A delicate Citizen with iridescent green skin that spilled off her head like human hair dropped herself behind the closest lounger, blocking my view. The alien shook her hand at us.

“Get away from me,” she hissed, and we moved farther along the stairs. I saw more Citizens hiding behind loungers, or anything that would conceal them.

“Isn’t anyone going to defend themselves?” Theodore whispered.

“Citizens?” I replied. “They pay people to do that for them.”

Max had moved next to us. “Where are your Space Jumpers now?” she said, smiling. I knew that she was referring to our earlier argument.

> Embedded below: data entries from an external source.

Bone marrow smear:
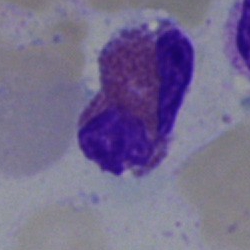
Specimen: bone marrow smear.
Cell: eosinophilic granulocyte.
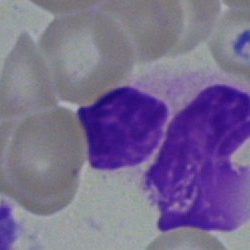
Impression → artefact.
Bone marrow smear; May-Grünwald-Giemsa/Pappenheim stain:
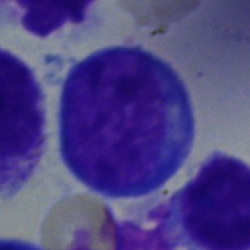

{"cell_type": "blast cell"}
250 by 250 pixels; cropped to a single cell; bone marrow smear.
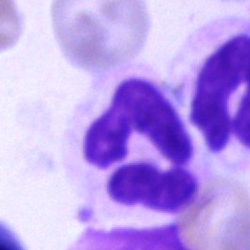The cell shown is a neutrophil (segmented).
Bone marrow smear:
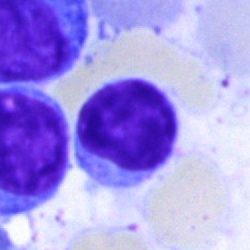 The cell type is artifact.
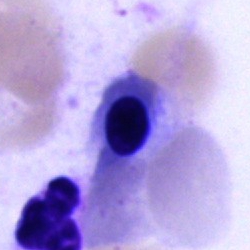
Q: What type of cell is this?
A: Normoblast.
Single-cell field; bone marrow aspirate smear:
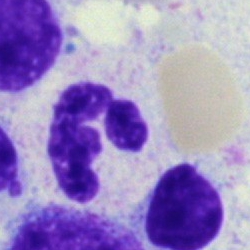

Showing a neutrophil (segmented).
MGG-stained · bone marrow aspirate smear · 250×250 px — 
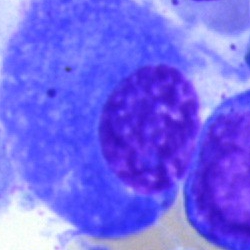 Q: What is the morphological classification of this cell?
A: It is a plasma cell.
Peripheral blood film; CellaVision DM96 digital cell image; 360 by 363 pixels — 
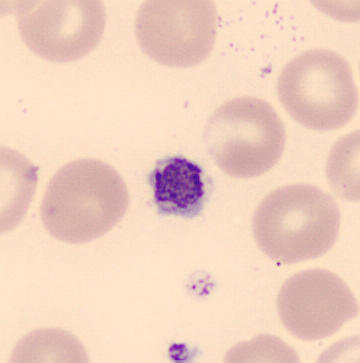
Specimen: peripheral blood smear.
Cell type: thrombocyte.
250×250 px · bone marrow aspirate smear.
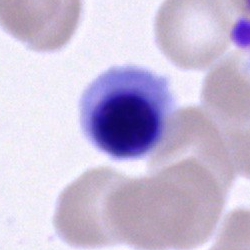Morphology consistent with a nucleated red blood cell.
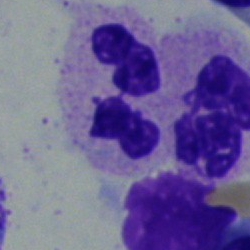

Bone marrow smear showing a segmented neutrophil.
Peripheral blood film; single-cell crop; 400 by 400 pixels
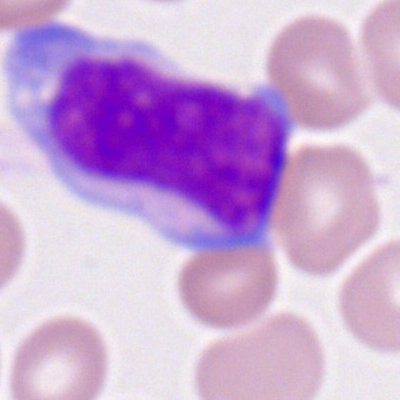Cell type — myeloid blast.
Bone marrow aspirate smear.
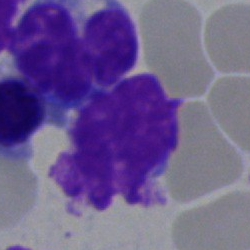
Q: What is shown here?
A: It is an artifact.
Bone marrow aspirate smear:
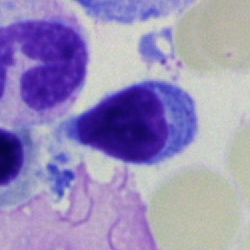

Classification: lymphocyte.
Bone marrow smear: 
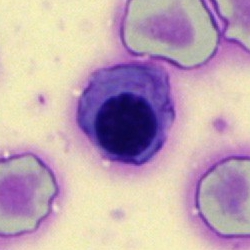

Specimen: bone marrow aspirate smear.
Cell type: normoblast.
Lineage: erythroid.
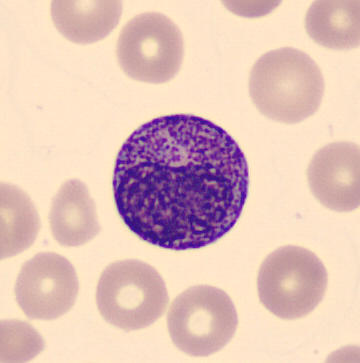
Preparation: Peripheral blood smear · single-cell crop.

Q: What is the morphological classification of this cell?
A: A progranulocyte.
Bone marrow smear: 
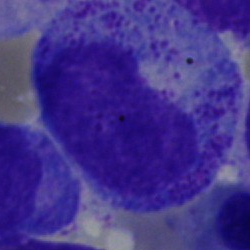

Morphology — promyelocyte.
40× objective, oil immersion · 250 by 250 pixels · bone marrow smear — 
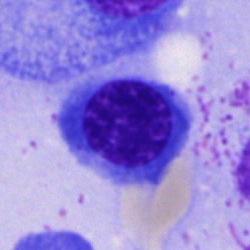

Morphology consistent with a nucleated red cell.
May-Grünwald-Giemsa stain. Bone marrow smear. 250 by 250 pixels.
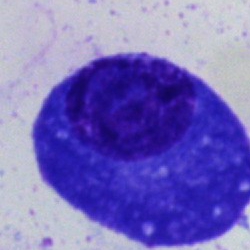

The classification is plasma cell.
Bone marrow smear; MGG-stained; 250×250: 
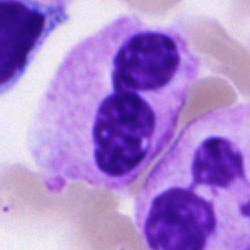

Cell type = segmented neutrophil.
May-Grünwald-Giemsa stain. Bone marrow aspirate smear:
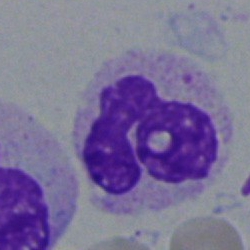
Single cell identified as a neutrophil (segmented).
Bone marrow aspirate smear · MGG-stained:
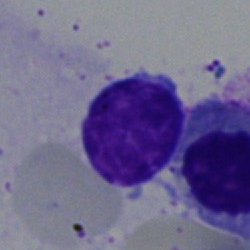

Cell: lymphocyte.
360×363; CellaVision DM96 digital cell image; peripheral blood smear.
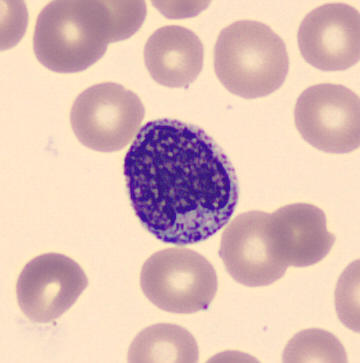{"cell_type": "metamyelocyte"}
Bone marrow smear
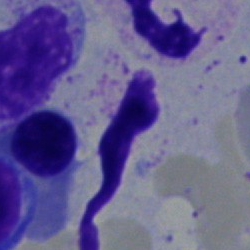
Normoblast.
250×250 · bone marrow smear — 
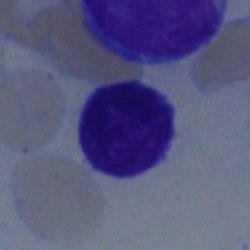 The cell shown is a lymphocyte.
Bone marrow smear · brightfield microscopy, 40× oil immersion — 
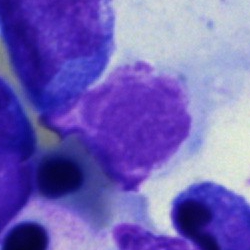

The cell shown is an artefact.
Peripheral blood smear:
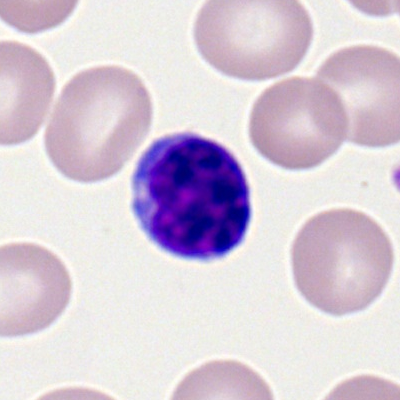 This is a typical lymphocyte.
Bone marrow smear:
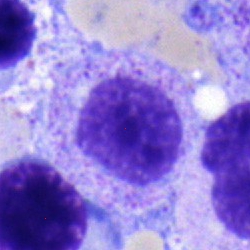{"cell_type": "myelocyte", "lineage": "myeloid"}
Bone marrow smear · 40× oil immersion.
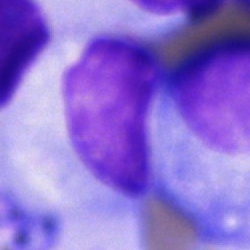Cell type = cell of indeterminate lineage.
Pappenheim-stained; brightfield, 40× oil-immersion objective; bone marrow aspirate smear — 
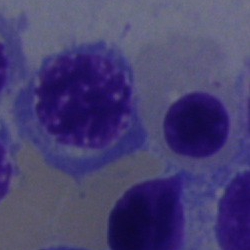

Specimen: bone marrow aspirate smear.
Cell: nucleated red blood cell.
Lineage: erythroid.
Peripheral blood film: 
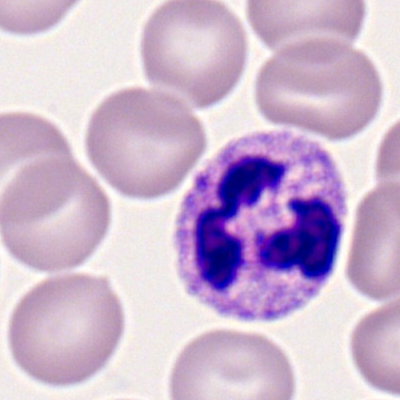The cell shown is a neutrophil (segmented).
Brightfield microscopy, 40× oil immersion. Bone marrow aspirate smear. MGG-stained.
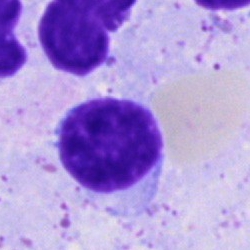 Impression — lymphocyte.
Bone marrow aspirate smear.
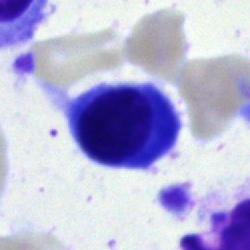 Q: Identify the cell.
A: It is a nucleated red blood cell.
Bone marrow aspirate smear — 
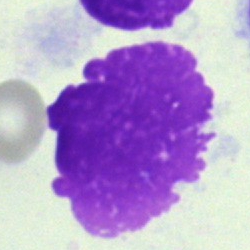Morphology consistent with an artifact.
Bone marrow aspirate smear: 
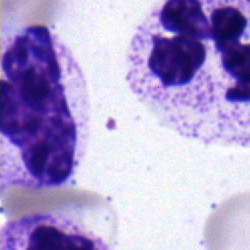

Q: What type of cell is this?
A: This is a neutrophil (band).
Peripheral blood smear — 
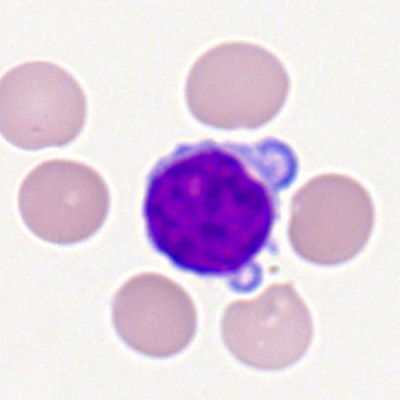
Classification = lymphocyte.
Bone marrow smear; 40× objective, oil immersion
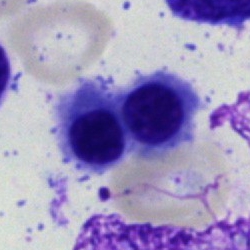 Q: What is shown here?
A: It is a nucleated red blood cell.
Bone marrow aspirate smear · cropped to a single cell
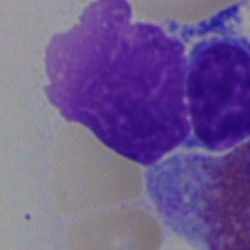 Cell type — artifact.
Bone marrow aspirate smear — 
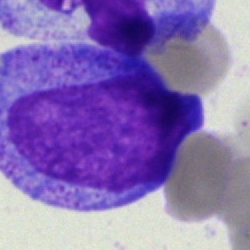 Morphology — progranulocyte.
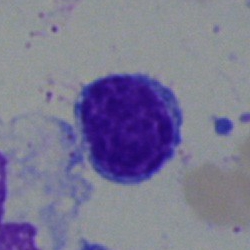 Q: What is the morphological classification of this cell?
A: A lymphocyte.
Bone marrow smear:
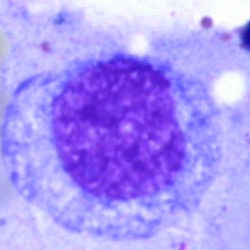

A promyelocyte.
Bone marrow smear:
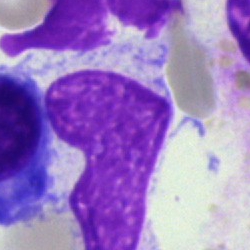
An artefact.
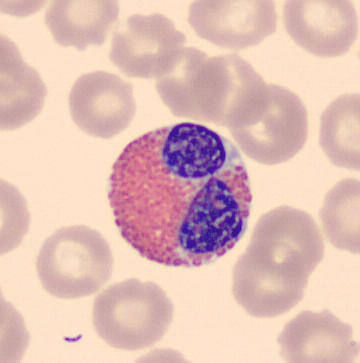

Automated cell imaging (CellaVision DM96) · single-cell field. Specimen: peripheral blood film.
Cell type: eosinophilic granulocyte.
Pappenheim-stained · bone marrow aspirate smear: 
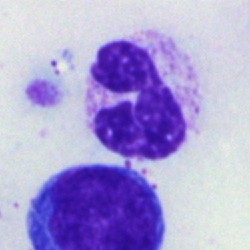Morphology consistent with a neutrophil (segmented).
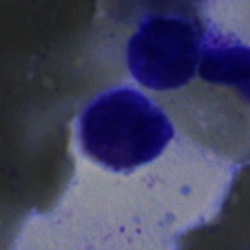

Q: What is shown here?
A: This is an artefact.
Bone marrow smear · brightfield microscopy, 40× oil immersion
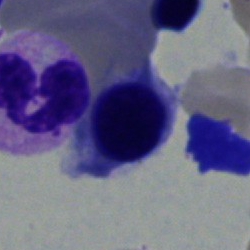{"cell_type": "nucleated red blood cell", "lineage": "erythroid"}

“Space Jumpers would never show themselves around so many Citizens. It’s not allowed,” I argued.

“That’s convenient. Maybe because there’s nothing in it for them.”

“Space Jumpers aren’t like that. They are protectors. Neewalkers are the ones who do it for money.”

“Then who pays for their —”

Theodore cut her off. “Would you two shut up?”

A staunch alien dressed in a black armored suit and heavy boots ducked as he sauntered onto our shuttle. His white skin, stamped with a web of purplish veins, was stretched and pinned to the metal helmet on his head. “What a sorry bunch we have here,” he said, and spat on the floor. His skin sparkled as he spoke, his voice thick like radiation gel.

“How dare you boldly . . .”

The wormhole pirate spun toward the voice and hoisted the biggest plasma rifle I had ever seen. He aimed and ignited the weapon all in one motion.

“Keep quiet, Citizen!” the pirate roared.

Theylor, who was as tall as the pirate, stepped forward, speaking calmly. “Security has been alerted.”

“We have no quarrel with you, Keeper,” the pirate replied. “We’re just here for our bounty.”

“Rotten thieves,” one Citizen hissed, but when the pirate raised his weapon, the alien immediately shrank behind a lounger. We all did, for that matter.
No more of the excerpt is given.